PROBLEM STATEMENT:
List each line of the data in which the string "translate" appears.

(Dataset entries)
[Start of section]

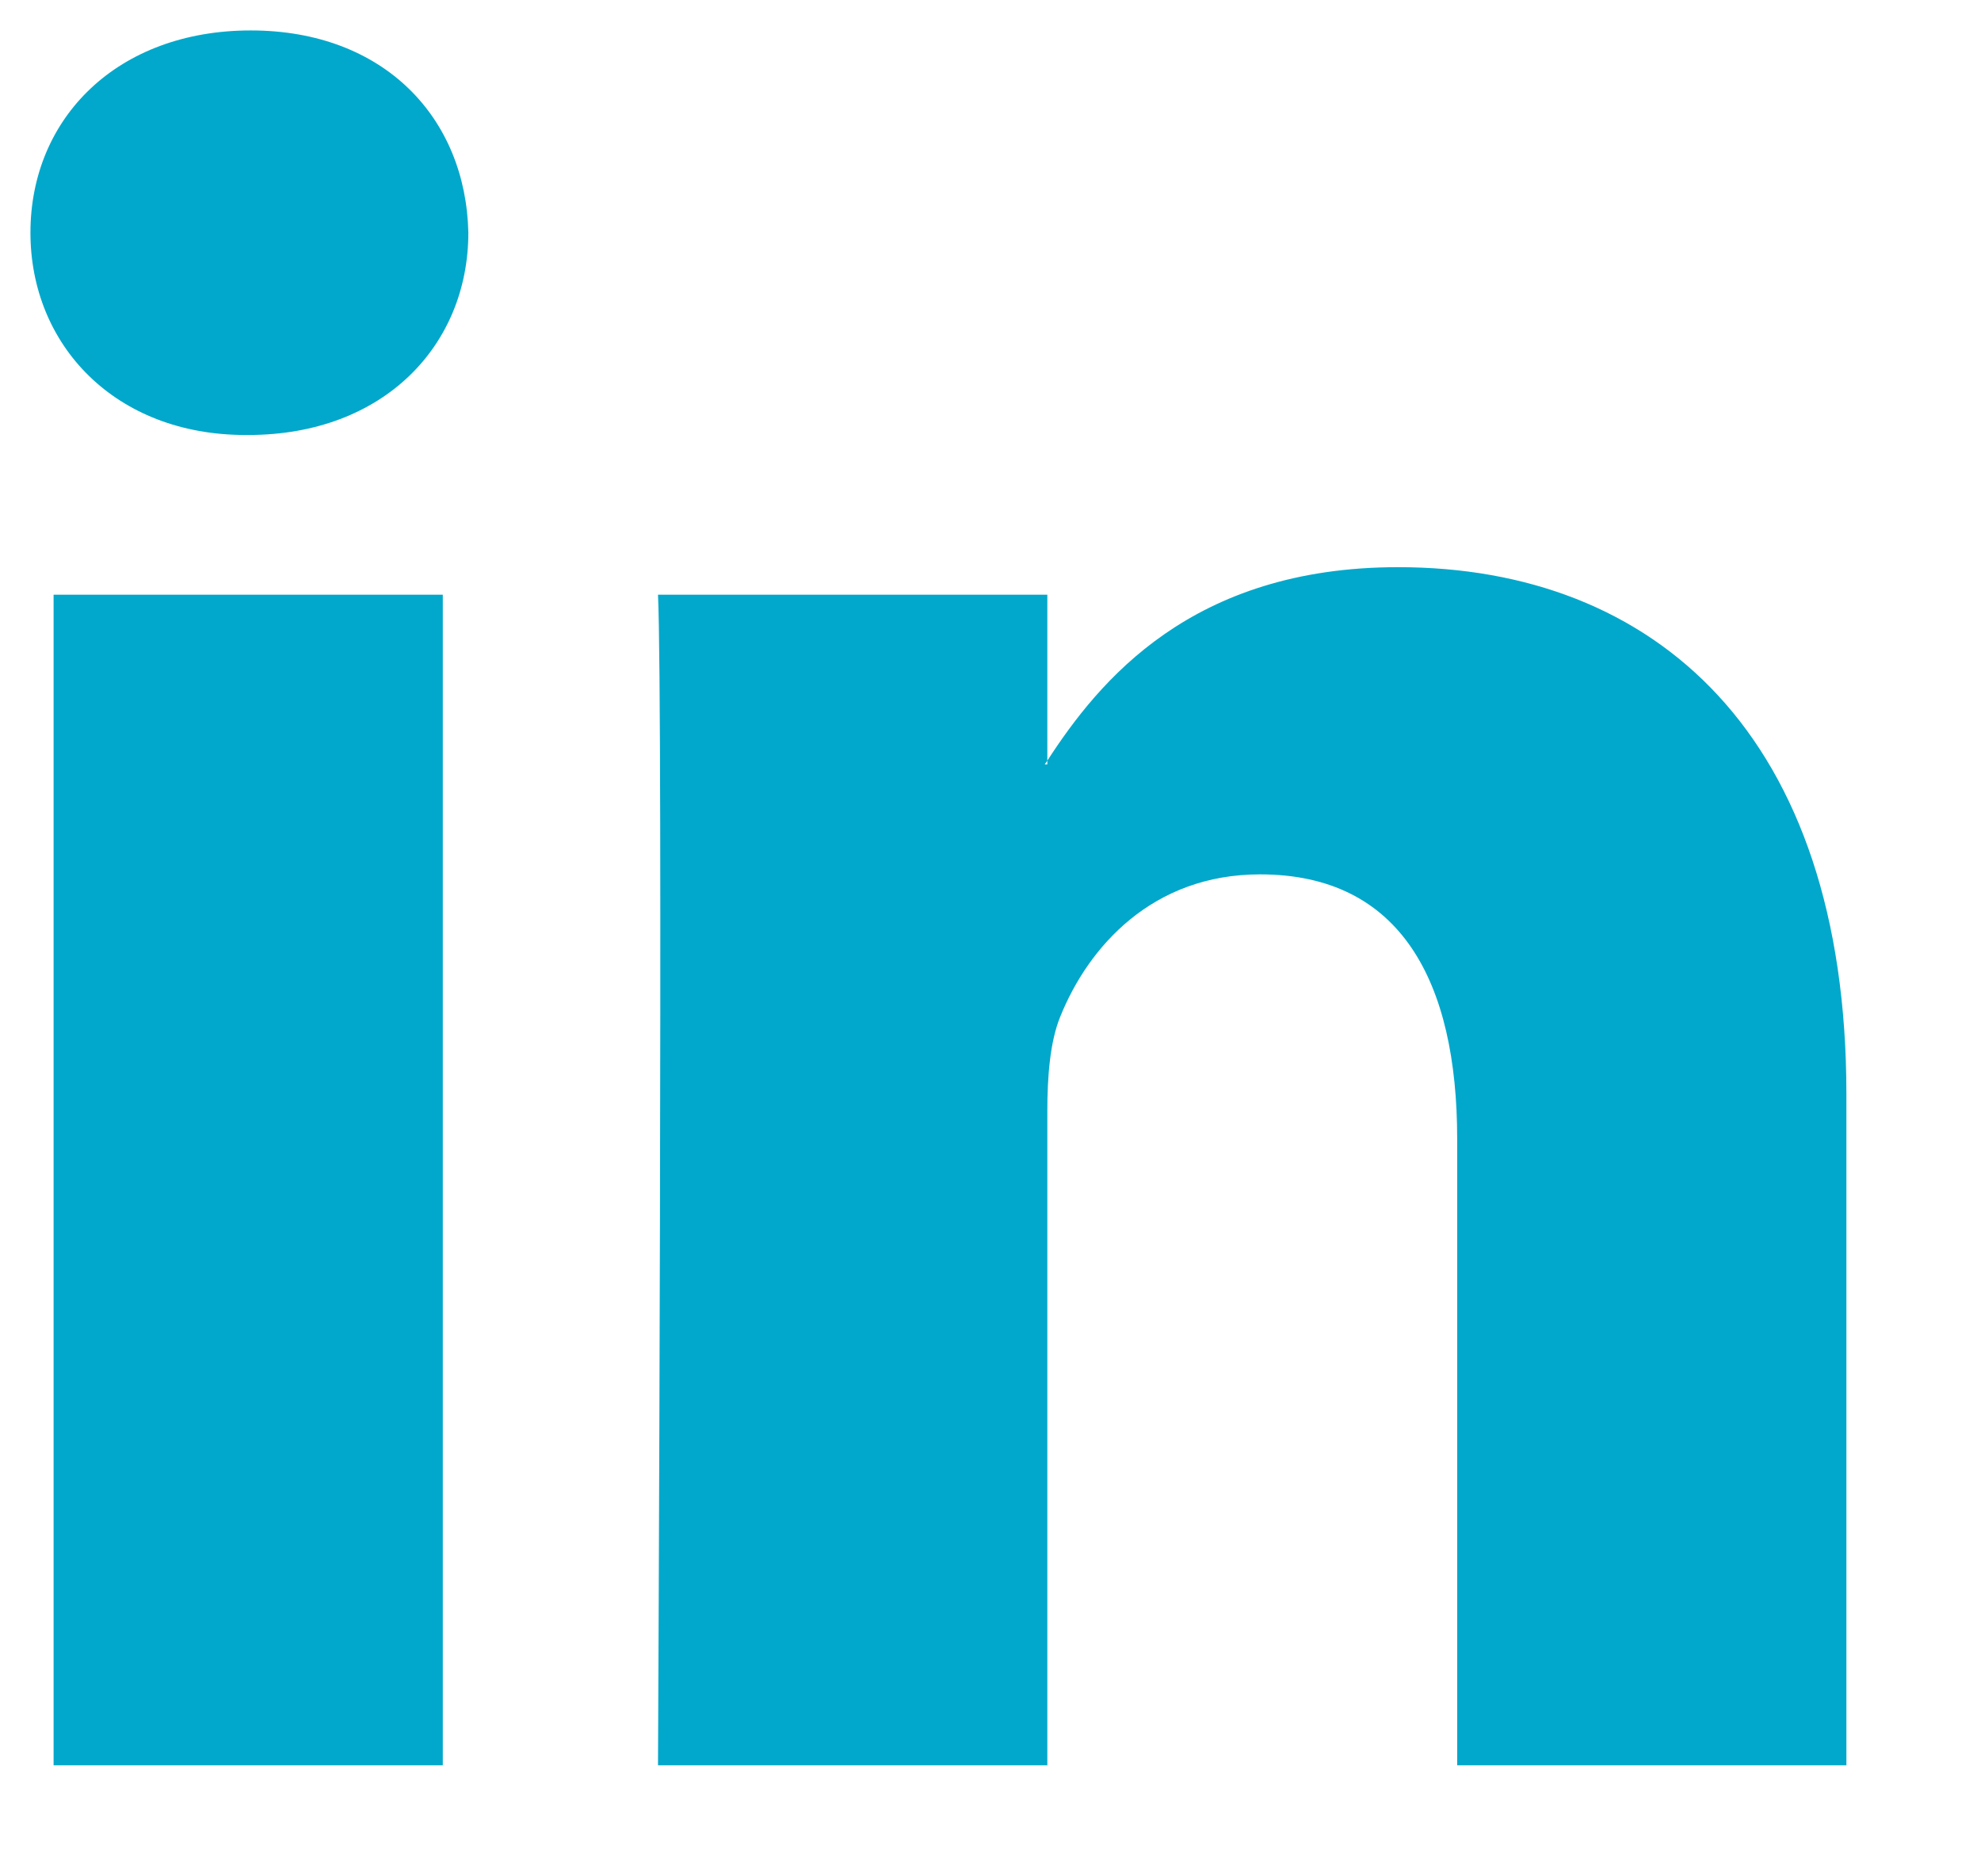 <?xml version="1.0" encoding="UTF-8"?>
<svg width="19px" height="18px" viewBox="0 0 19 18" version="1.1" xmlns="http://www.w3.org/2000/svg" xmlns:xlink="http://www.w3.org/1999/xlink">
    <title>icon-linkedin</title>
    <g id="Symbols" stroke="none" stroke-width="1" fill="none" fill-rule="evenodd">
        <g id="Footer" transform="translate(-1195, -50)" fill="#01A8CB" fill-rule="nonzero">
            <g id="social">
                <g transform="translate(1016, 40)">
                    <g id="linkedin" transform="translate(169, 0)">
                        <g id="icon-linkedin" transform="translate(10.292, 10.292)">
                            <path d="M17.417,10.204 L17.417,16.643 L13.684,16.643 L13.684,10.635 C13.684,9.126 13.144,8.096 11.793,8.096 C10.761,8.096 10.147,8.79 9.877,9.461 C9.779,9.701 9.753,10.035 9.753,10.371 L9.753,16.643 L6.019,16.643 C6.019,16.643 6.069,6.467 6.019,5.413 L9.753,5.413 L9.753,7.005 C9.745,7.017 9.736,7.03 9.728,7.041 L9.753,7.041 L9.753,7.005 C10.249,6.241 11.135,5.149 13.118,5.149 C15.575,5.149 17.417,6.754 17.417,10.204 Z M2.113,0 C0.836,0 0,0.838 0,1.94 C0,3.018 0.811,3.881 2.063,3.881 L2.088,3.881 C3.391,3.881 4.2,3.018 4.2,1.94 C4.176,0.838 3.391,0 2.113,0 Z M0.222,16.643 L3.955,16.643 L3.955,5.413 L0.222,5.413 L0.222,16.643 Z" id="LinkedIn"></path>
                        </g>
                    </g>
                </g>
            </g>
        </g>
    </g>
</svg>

[End of section]
[Start of section]

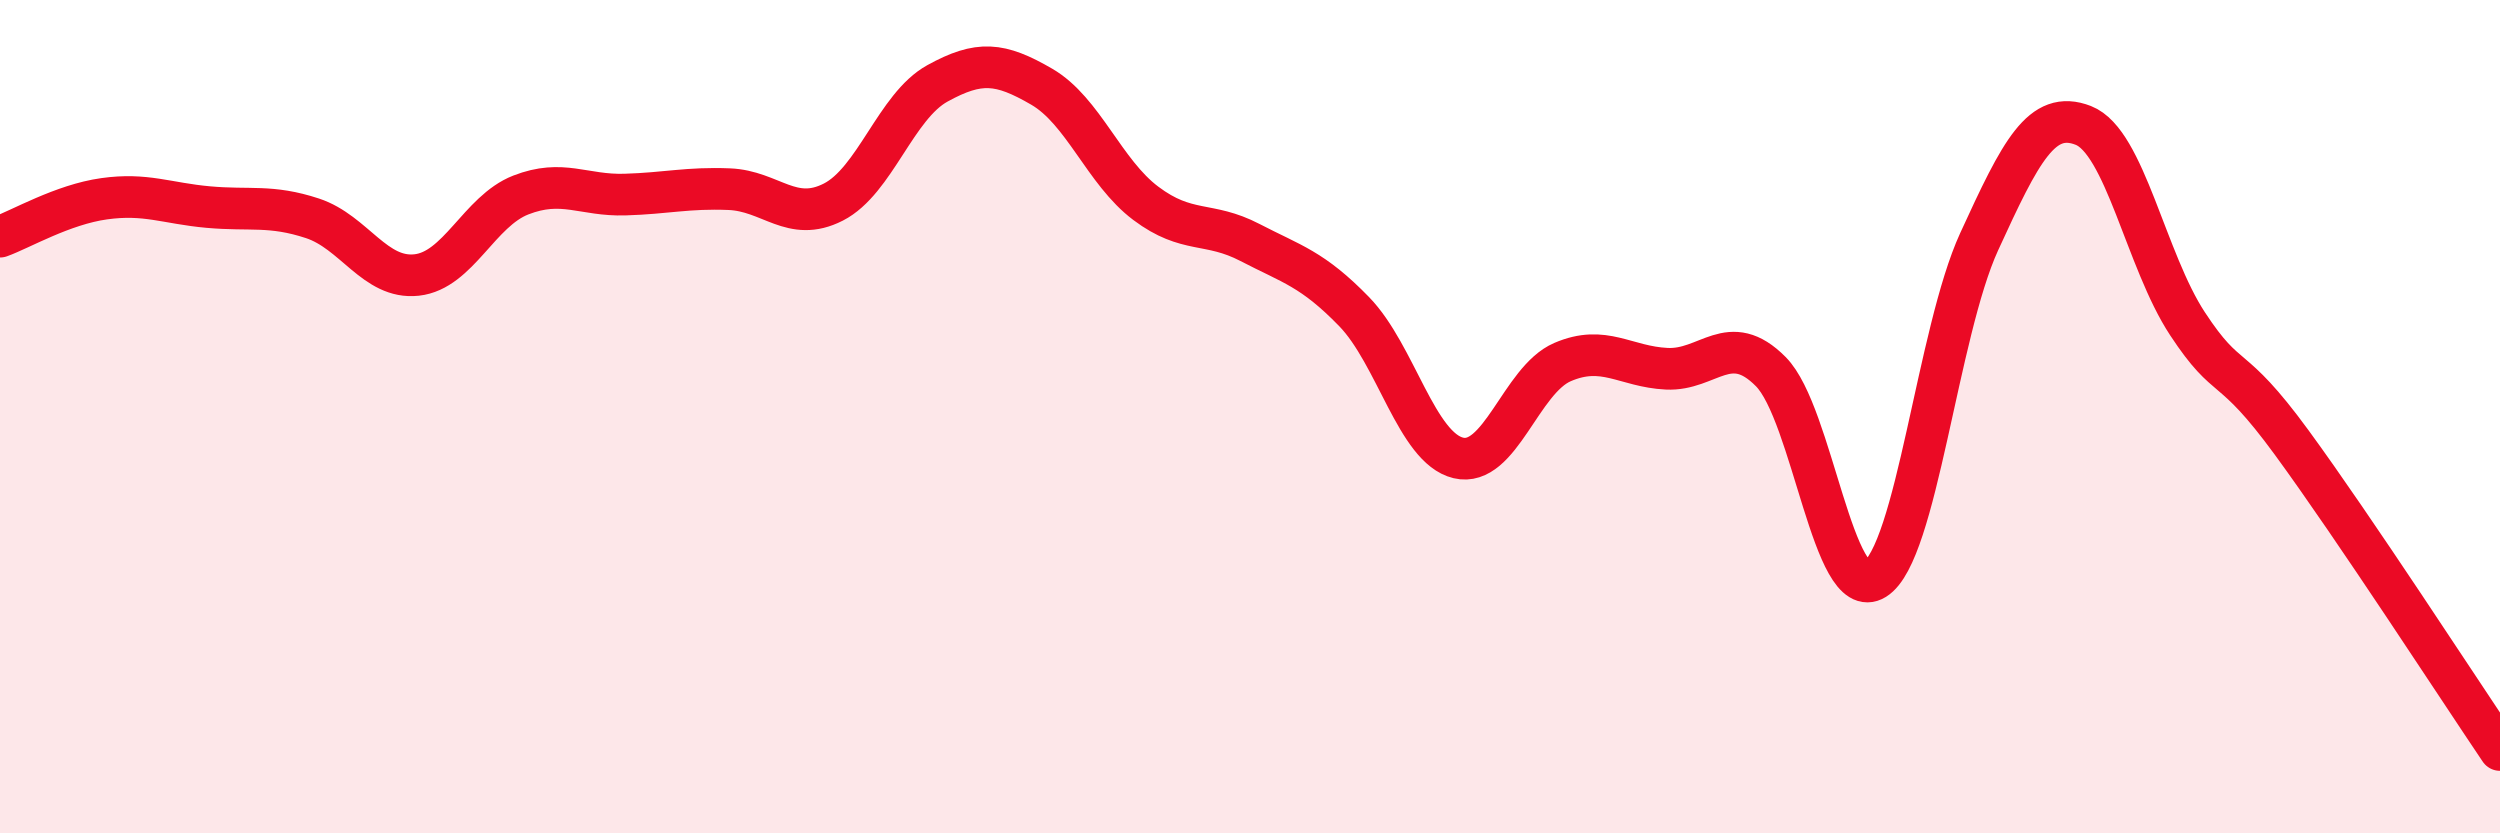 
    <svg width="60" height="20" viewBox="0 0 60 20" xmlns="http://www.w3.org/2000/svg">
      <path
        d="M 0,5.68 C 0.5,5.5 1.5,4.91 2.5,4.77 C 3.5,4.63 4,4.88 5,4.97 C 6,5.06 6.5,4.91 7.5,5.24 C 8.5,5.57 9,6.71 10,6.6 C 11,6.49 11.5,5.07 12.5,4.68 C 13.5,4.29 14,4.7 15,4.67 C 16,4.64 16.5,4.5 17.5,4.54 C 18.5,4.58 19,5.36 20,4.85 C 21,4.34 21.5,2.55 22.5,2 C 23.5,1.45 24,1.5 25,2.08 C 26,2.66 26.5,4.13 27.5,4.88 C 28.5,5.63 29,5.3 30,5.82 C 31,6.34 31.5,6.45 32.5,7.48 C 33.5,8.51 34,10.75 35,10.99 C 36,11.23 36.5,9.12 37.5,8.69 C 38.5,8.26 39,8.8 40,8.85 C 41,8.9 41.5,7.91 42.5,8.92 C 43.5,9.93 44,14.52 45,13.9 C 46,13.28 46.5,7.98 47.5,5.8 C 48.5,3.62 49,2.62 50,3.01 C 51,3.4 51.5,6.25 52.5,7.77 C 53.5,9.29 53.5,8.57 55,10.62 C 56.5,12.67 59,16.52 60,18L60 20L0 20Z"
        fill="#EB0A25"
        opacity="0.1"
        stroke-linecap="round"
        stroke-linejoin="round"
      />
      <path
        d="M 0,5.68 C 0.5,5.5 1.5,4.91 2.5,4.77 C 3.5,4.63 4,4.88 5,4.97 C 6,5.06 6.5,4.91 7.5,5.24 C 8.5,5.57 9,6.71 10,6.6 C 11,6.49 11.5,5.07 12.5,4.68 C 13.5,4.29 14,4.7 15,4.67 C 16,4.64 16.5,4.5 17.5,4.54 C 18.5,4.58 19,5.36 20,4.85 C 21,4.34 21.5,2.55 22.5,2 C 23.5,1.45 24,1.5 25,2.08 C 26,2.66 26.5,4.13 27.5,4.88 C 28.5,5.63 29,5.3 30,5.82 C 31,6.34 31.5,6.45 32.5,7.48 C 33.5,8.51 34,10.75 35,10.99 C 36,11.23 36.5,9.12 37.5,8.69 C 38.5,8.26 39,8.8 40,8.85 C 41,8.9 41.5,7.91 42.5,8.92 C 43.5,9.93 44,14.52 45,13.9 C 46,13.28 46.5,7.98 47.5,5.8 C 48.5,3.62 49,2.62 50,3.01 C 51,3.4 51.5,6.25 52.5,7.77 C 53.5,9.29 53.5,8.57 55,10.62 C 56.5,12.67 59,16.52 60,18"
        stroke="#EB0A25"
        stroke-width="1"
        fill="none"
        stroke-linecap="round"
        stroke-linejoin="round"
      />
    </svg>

[End of section]

REPLY:
        <g id="Footer" transform="translate(-1195, -50)" fill="#01A8CB" fill-rule="nonzero">
                <g transform="translate(1016, 40)">
                    <g id="linkedin" transform="translate(169, 0)">
                        <g id="icon-linkedin" transform="translate(10.292, 10.292)">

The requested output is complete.